Joan Lukowiecky (Costa Rica, 1975)

Lives and works between Costa Rica and Miami. In 1998 she graduated with a B.S. in Architecture from the Universidad Autónoma de Centro América in San Jose, Costa Rica. Twelve years later she received a Photography Associate of Science Degree from The Art Institute of Fort Lauderdale, Florida. As an architect she worked on many projects before finally founding her own firm, Joan Lukowiecky Architecture and Interior Design, in San José, which she directed from 1999 to 2009. In 2011 she had two solo shows in Costa Rica: one at the VIP Lounge of the Juan Santamaría International Airport, the other at Los Sueños Marriott Ocean & Golf Resort in Herradura. Within a year of these first shows, she was honored with the Gold Award at the 2012 Show Artist Exhibition in Santiago, Chile. The following year she exhibited as a Winning Artist at Art Takes Time Square in New York. She has participated in many group shows in Costa Rica, Chile and the United States, including the esteemed WWAB at the Red Dot Art Fair. From 2009 to present she has worked at Joan Lukowiecky Photography (Commercial and Fine Art) in Sunny Isles Beach, Florida.

Artist Statement

"I conceive my work as a photographer in terms of series or essays--groups of images that emerge out of a strategy or a concrete conceptual proposal.

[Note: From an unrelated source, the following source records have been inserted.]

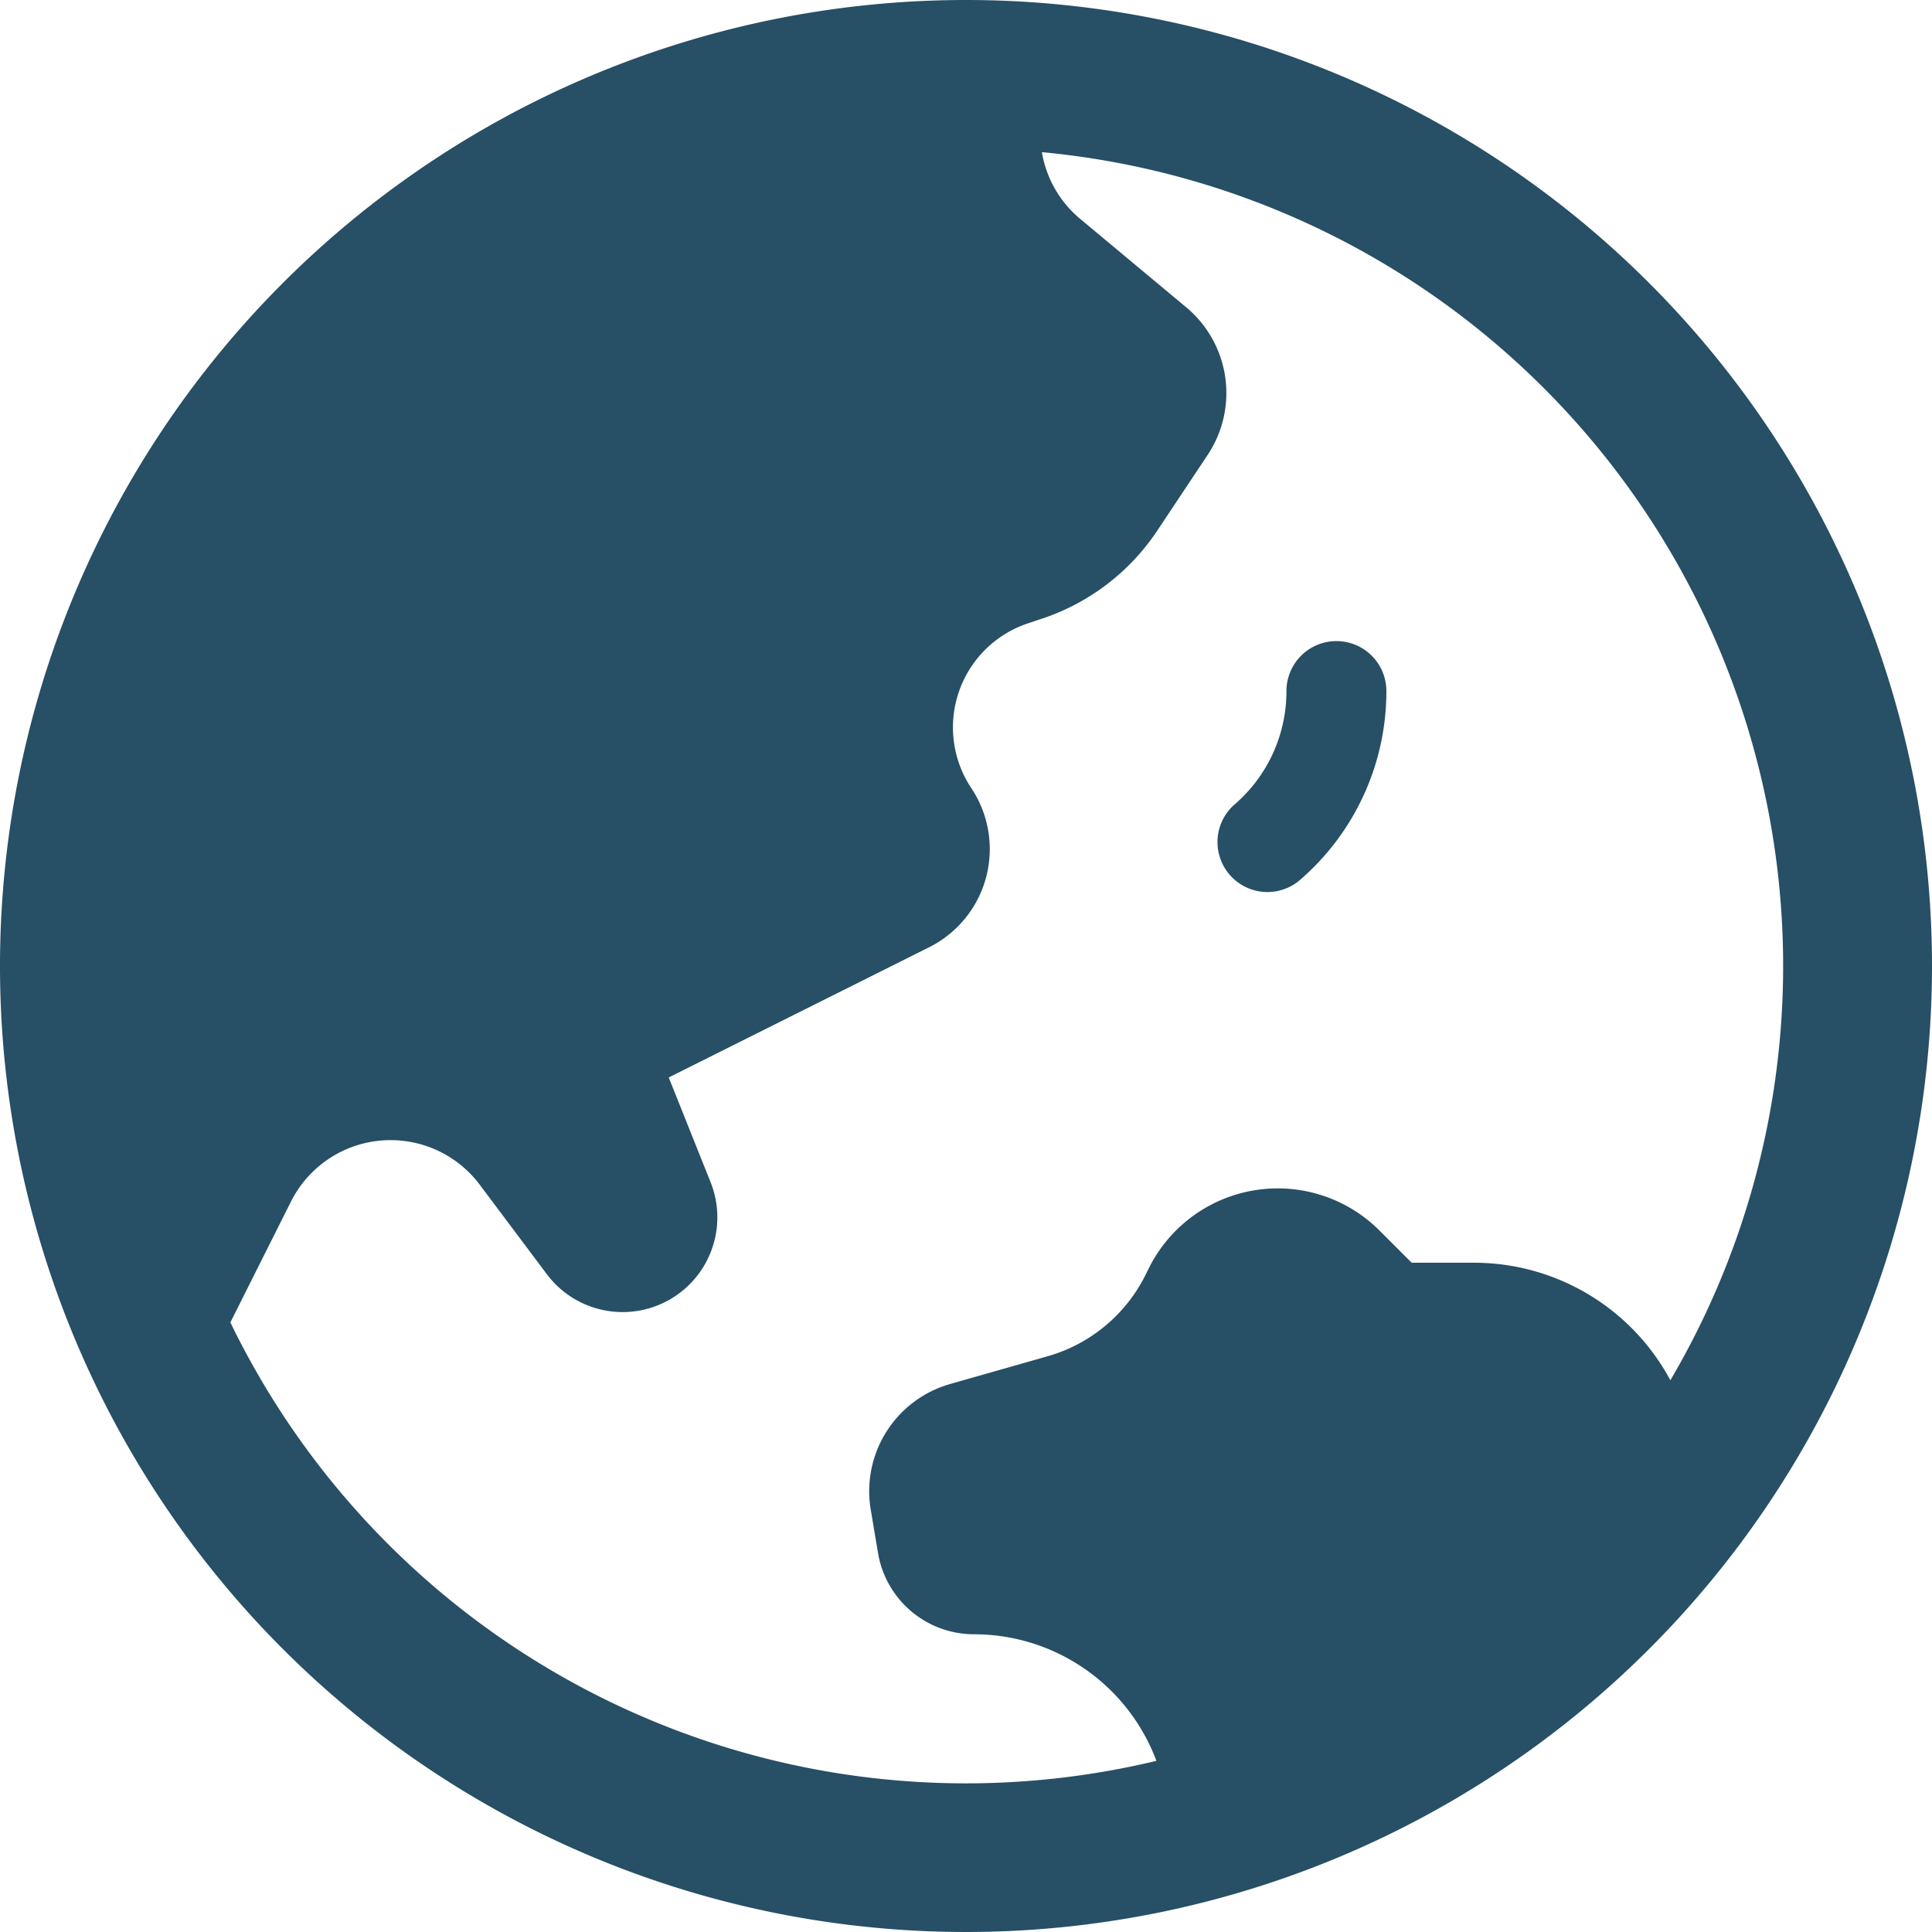 <svg xmlns="http://www.w3.org/2000/svg" width="29" height="29" viewBox="0 0 29 29">
  <g id="asia-australia" transform="translate(-2.25 -2.25)">
    <path id="Pfad_480" data-name="Pfad 480" d="M15.75,8.25A.75.75,0,0,1,16.5,9a3.74,3.74,0,0,1-1.27,2.812.75.75,0,1,1-.992-1.124A2.243,2.243,0,0,0,15,9a.75.75,0,0,1,.75-.75Z" transform="translate(6.56 3.623)" fill="#274f66"/>
    <path id="Pfad_481" data-name="Pfad 481" d="M16.75,2.25a14.5,14.5,0,1,0,14.5,14.5A14.5,14.5,0,0,0,16.75,2.25ZM5.708,22.1a12.269,12.269,0,0,0,13.9,6.581,2.924,2.924,0,0,0-2.736-1.9,1.462,1.462,0,0,1-1.443-1.222l-.109-.65a1.673,1.673,0,0,1,1.19-1.884l1.472-.419a2.362,2.362,0,0,0,1.46-1.214l.054-.109a2.161,2.161,0,0,1,3.462-.561l.482.482h.934a3.346,3.346,0,0,1,2.949,1.764A12.269,12.269,0,0,0,17.889,4.534a1.661,1.661,0,0,0,.579,1.005l1.588,1.324a1.676,1.676,0,0,1,.321,2.216l-.758,1.139a3.346,3.346,0,0,1-1.727,1.318l-.213.071a1.646,1.646,0,0,0-.848,2.475,1.648,1.648,0,0,1-.635,2.387l-3.908,1.954L12.918,20a1.422,1.422,0,0,1-2.457,1.38l-1.01-1.347a1.673,1.673,0,0,0-2.835.256Z" transform="translate(0 0)" fill="#274f66" fill-rule="evenodd"/>
  </g>
</svg>
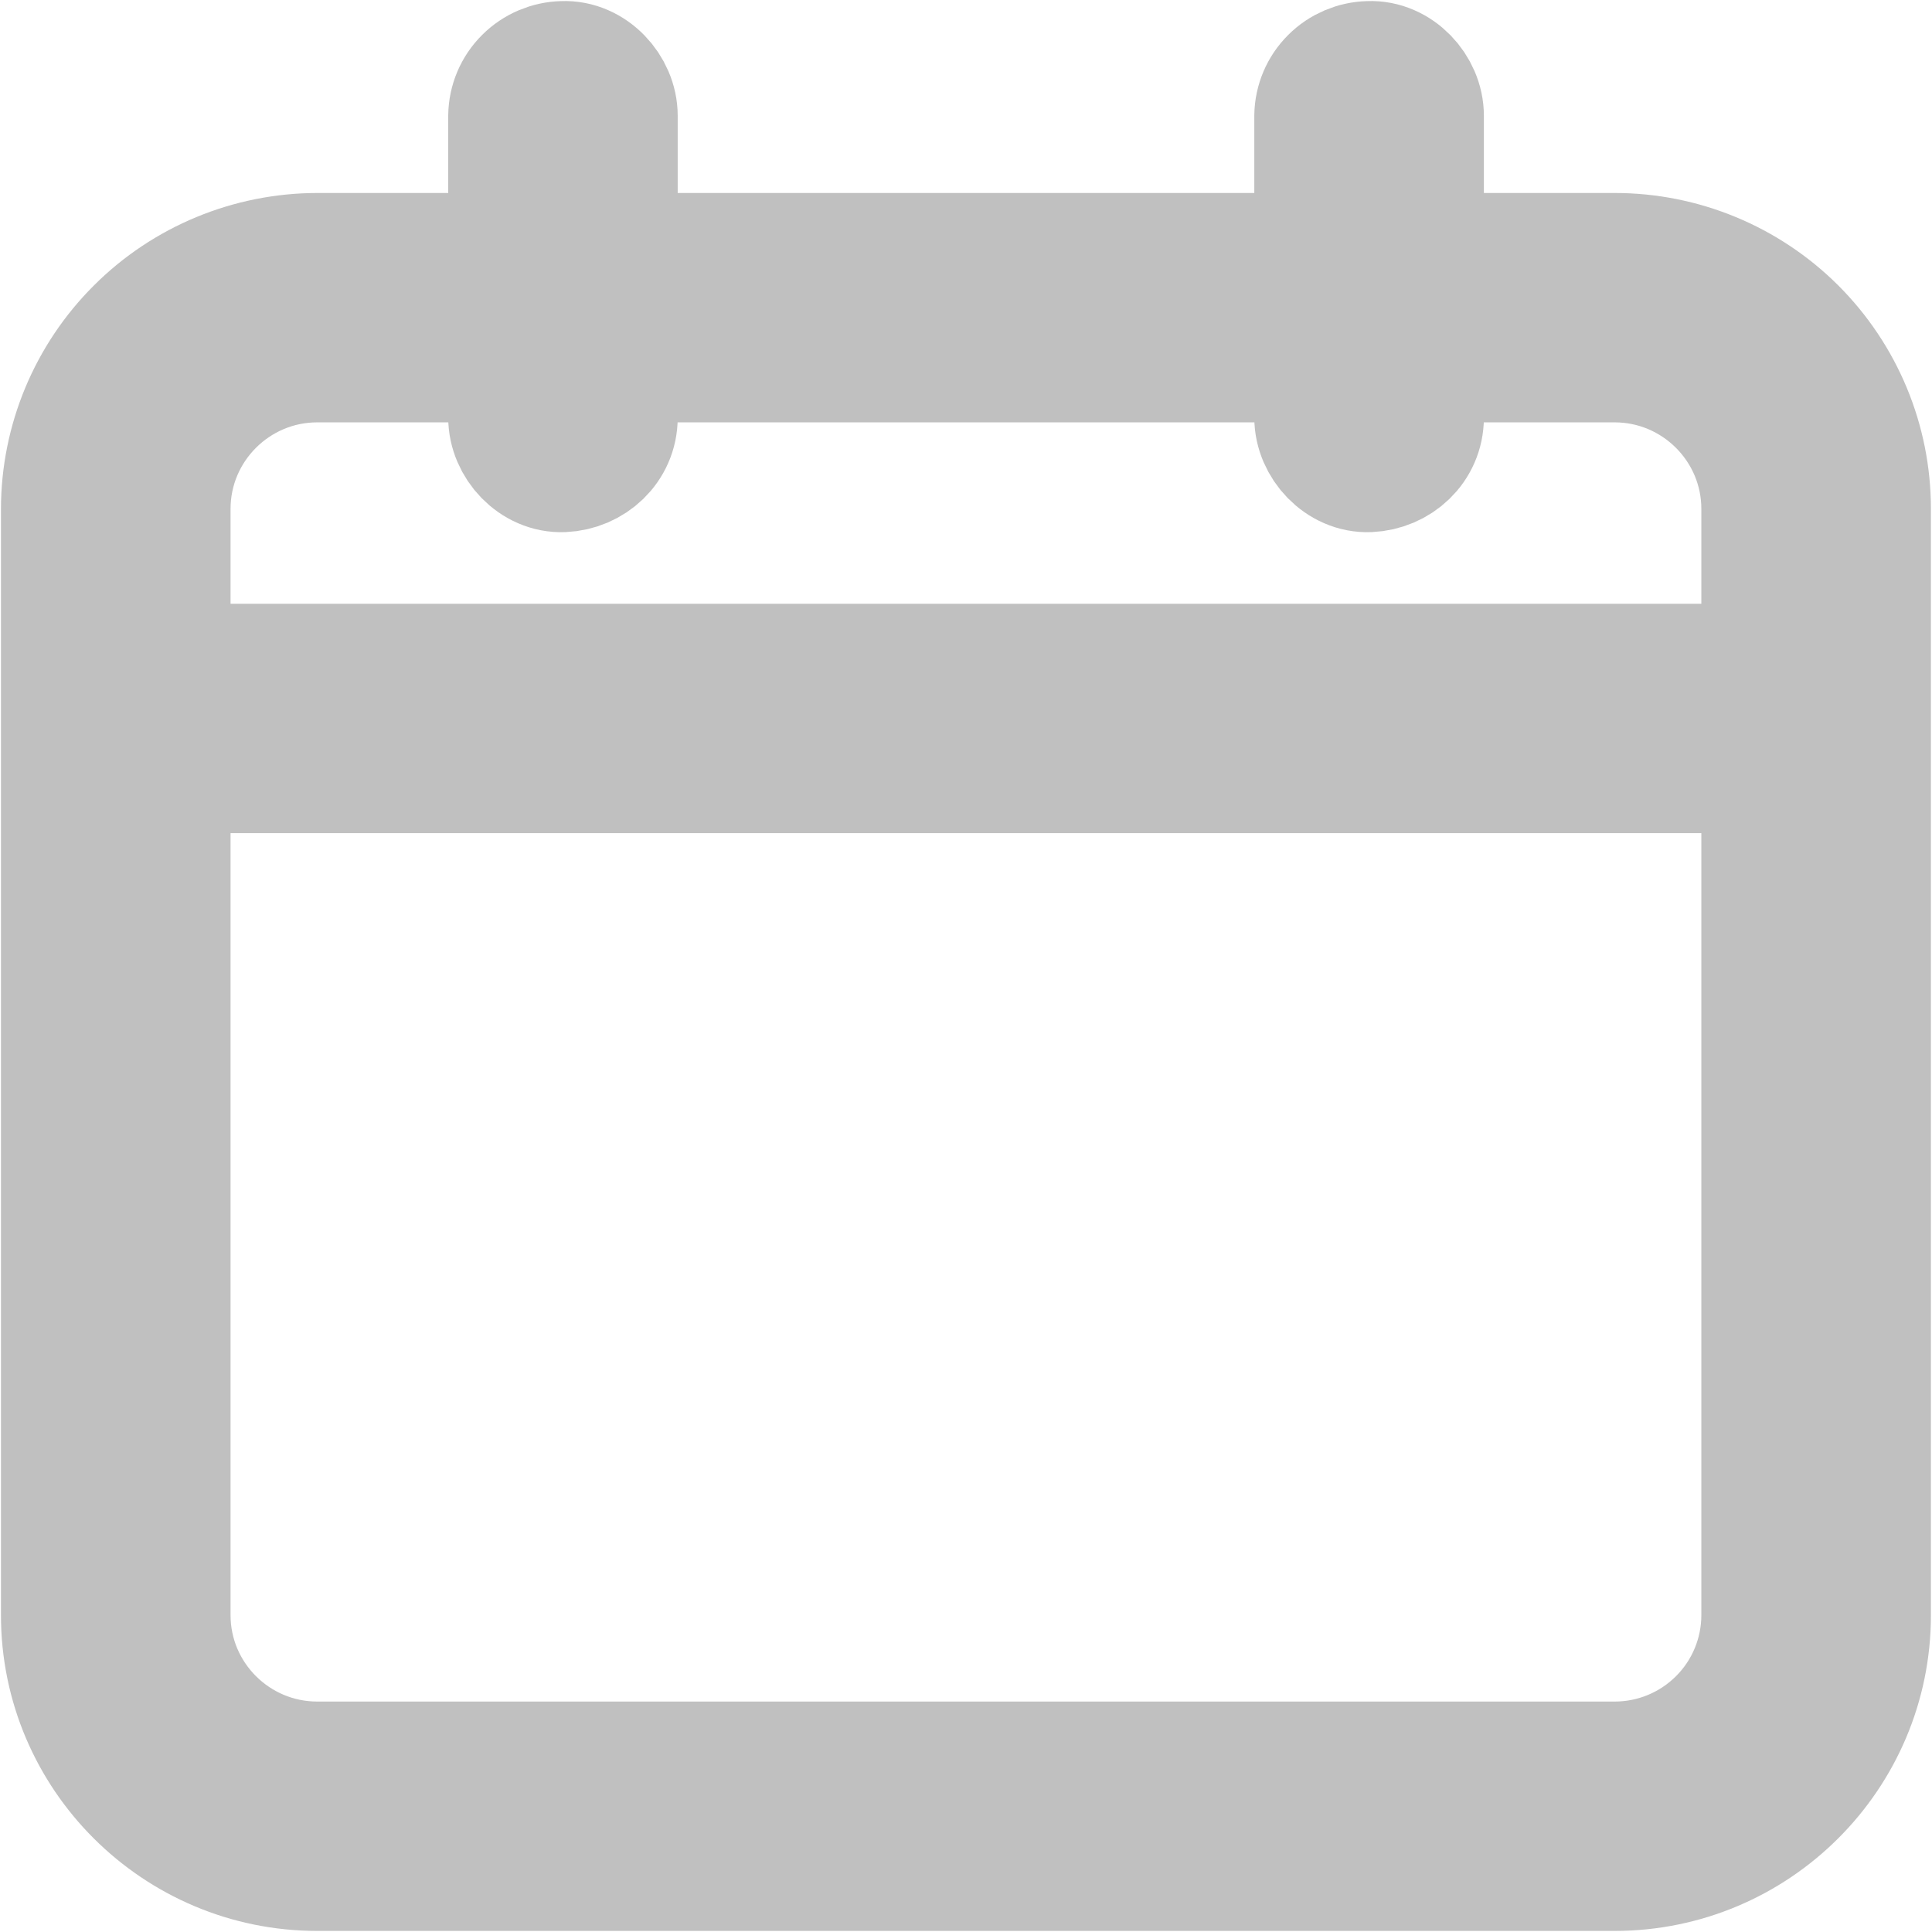 <svg width="18" height="18" viewBox="0 0 18 18" fill="none" xmlns="http://www.w3.org/2000/svg">
<path d="M15.044 2.398H13.225V1.079C13.225 0.833 13.009 0.599 12.755 0.61C12.631 0.613 12.513 0.663 12.426 0.75C12.338 0.837 12.288 0.955 12.286 1.079V2.398H5.714V1.079C5.714 0.833 5.498 0.599 5.245 0.61C5.121 0.613 5.003 0.663 4.916 0.75C4.828 0.837 4.778 0.955 4.776 1.079V2.398H2.956C2.334 2.399 1.737 2.646 1.298 3.085C0.858 3.524 0.61 4.119 0.609 4.741V15.048C0.609 16.34 1.663 17.39 2.956 17.39H15.043C16.337 17.39 17.39 16.34 17.39 15.048V4.741C17.39 4.119 17.143 3.524 16.703 3.084C16.263 2.645 15.666 2.398 15.044 2.398ZM2.956 3.335H4.776V3.89C4.776 4.135 4.991 4.369 5.245 4.358C5.499 4.347 5.714 4.152 5.714 3.89V3.335H12.286V3.89C12.286 4.135 12.502 4.369 12.755 4.358C13.01 4.347 13.225 4.152 13.225 3.89V3.335H15.043C15.819 3.335 16.451 3.966 16.451 4.741V6.225H1.548V4.741C1.548 3.966 2.18 3.335 2.956 3.335ZM15.044 16.453H2.956C2.18 16.453 1.548 15.823 1.548 15.048V7.162H16.451V15.048C16.451 15.42 16.303 15.778 16.039 16.041C15.775 16.305 15.417 16.453 15.044 16.453Z" fill="#C0C0C0" stroke="#C0C0C0" stroke-width="1.2"/>
</svg>

The topics I deal with—the body’s territory, nature, urban dynamics, the machinery of systems, etc.—insinuate a constant displacement from the public sphere to the private, from the industrial and the urban to the profoundly sacred and intimate.

By capturing each of these images I establish an emotional link between myself, “the scene”, and “the photographed subject”; that which specialists have called photographic “punctum”.

I emphasize the interplay of detail, texture, light and contrast, on occasions highlighting aspects or objects almost invisible in the image, offering them another category or aesthetic relevance.

Despite their deliberate treatment of the figurative, some images may be abstract in appearance; this “linguistic turn” incurs on the territory of suggestion and allows the spectator to connect to these images without the prejudice of the known and familiar.

I am interested in images thought out a prior-i as well as the photographic event itself, but also believe that post-production offers other sensorial and narrative possibilities. I understand photography as a forceful cultural and social tool; but also as a powerful aesthetic one."